3-(2-Naphthylmethyl)-2,5-dimethylpyrazine (2j): yellow oil; 1H NMR (300 MHz, CDCl3) δ 8.19 (s, 1H), 7.75–7.66 (m, 3H), 7.53 (s, 1H), 7.41–7.30 (m, 3H), 4.27 (s, 2H), 2.50 (s, 3H), 2.43 (s, 3H); 13C NMR (75 MHz, CDCl3) δ 152.7, 150.1, 149.4, 141.4, 135.4, 133.4, 132.1, 128.1, 127.5, 127.4, 127.0, 126.8, 126.0, 125.4, 41.7, 21.4, 21.0; GCMS m/z (% rel. intensity) 248 (M+, 85), 247 (100), 233 (42), 141 (29), 115 (27); HRMS (ESI): Calcd. for C17H17N2 [M + H]+: 249.1386; found: 249.1392.

3-Octyl-2,5-dimethylpyrazine (2k): yellow oil; 1H NMR (300 MHz, CDCl3) δ 8.15 (s, 1H), 2.76 (t, 2H, J = 7.6 Hz), 2.53 (s, 3H), 2.49 (s, 3H), 1.73–1.62 (m, 2H), 1.48–1.21 (m, 10H), 0.88 (t, 3H, J = 6.5 Hz); 13C NMR (75 MHz, CDCl3) δ 154.9, 150.0, 148.5, 140.6, 35.2, 31.9, 29.7, 29.5, 29.3, 28.6, 22.7, 21.2, 21.1, 14.1; GCMS m/z (% rel. intensity) 135 (11), 122 (100); HRMS (ESI): Calcd. for C14H25N2 [M + H]+: 221.2012; found: 221.2019.

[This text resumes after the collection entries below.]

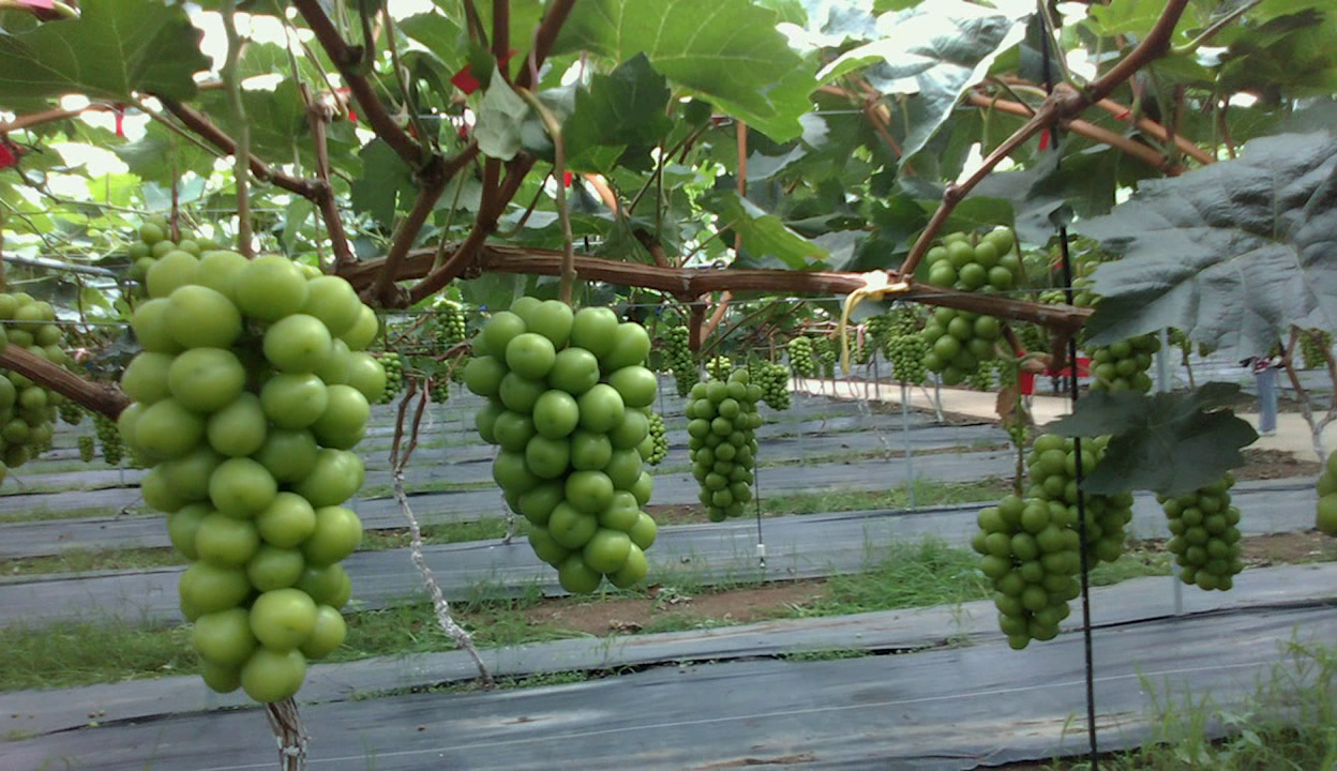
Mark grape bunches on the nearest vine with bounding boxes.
[466,296,658,593]
[970,494,1082,650]
[117,251,385,702]
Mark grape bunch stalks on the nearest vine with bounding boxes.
[1016,365,1024,499]
[512,84,575,304]
[221,4,254,257]

3-Cinnamyl-2,5-dimethylpyrazine (2l): orange oil; 1H NMR (300 MHz, CDCl3) δ 8.20 (s, 1H), 7.35–7.20 (m, 5H), 6.50–6.31 (m, 2H), 3.71 (d, 2H, J = 5.8 Hz), 2.55 (s, 3H), 2.50 (s, 3H); 13C NMR (75 MHz, CDCl3) δ 152.4, 150.4, 149.1, 141.4, 137.2, 131.9, 128.5, 127.4, 126.2, 125.9, 39.2, 21.2, 21.1; GCMS m/z (% rel. intensity) 224 (M+, 47), 223 (28), 209 (34). 147 (45), 122 (100), 115 (27), 91 (15); HRMS (ESI): Calcd. for C15H17N2 [M + H]+: 225.1386; found: 225.1375.

3-Cyclohexylmethyl-2,5-dimethylpyrazine (2m): yellow oil; 1H NMR (300 MHz, CDCl3) δ 8.14 (s, 1H), 2.66 (d, 2H, J = 7.2 Hz), 2.52 (s, 3H), 2.50 (s, 3H), 1.85–1.63 (m, 6H), 1.29–0.99 (m, 5H); 13C NMR (75 MHz, CDCl3) δ 154.1, 150.0, 149.0, 140.6, 42.5, 38.3, 33.3, 26.5, 26.3, 21.6, 21.2; GCMS m/z (% rel. intensity) 204 (M+, 0.2), 189 (1), 161 (2), 147 (2), 122 (100), 80 (2), 55 (4); HRMS (ESI): Calcd. for C13H21N2 [M + H]+: 205.1699; found: 205.1702.

3-(2-Furylmethyl)-2,5-dimethylpyrazine (2n): yellow oil; 1H NMR (300 MHz, CDCl3) δ 8.23 (s, 1H), 7.31 (d, 1H, J = 1.1 Hz), 6.28 (d, 1H, J = 1.5 Hz), 6.00 (d, 1H, J = 3.1 Hz), 4.16 (s, 2H), 2.53 (s, 3H), 2.51 (s, 3H); 13C NMR (75 MHz, CDCl3) δ 151.7, 150.6, 150.4, 149.4, 141.9, 141.7, 110.4, 106.7, 35.0, 21.3, 21.1; GCMS m/z (% rel. intensity) 188 (M+, 80), 159 (100), 145 (15), 91 (10), 81 (36); HRMS (ESI): Calcd. for C11H17N2O [M + H]+: 189.1022; found: 189.1017.

2,5-Dimethyl-3-(2-thienylmethyl)pyrazine (2o): yellow oil; 1H NMR (300 MHz, CDCl3) δ 8.22 (s, 1H), 7,13 (d, 1H, J = 6.5 Hz), 6.90 (dd, 1H, J = 3.4 Hz, 5.1 Hz), 6.78 (m, 1H), 4.32 (s, 2H), 2.52 (s, 6H); 13C NMR (75 MHz, CDCl3) δ 152.1, 150.4, 149.0, 141.8, 140.4, 126.8, 125.4, 124.3, 36.2, 21.3, 21.1; GCMS m/z (% rel. intensity) 204 (100), 189 (15), 171 (30), 159 (35), 97 (95), 80 (9), 53 (16); HRMS (ESI): Calcd. for C11H13N2S [M + H]+: 205.0794; found: 205.0790.

4. Conclusions

In summary, we have developed a cascade annulation of propargyl amine with aldehydes approach to 3-substituted 2,5-dimethylpyrazines in high yields catalyzed by Au(PPh2Cy)Cl, which involves the intermolecular hydroamination and intramolecular cyclic hydroamination, as well as the dehydration reaction. The present work has developed the application of propargyl amines in the synthesis of nitrogen-containing heterocycles with the advantages of readily accessible starting materials and high atom-efficiency.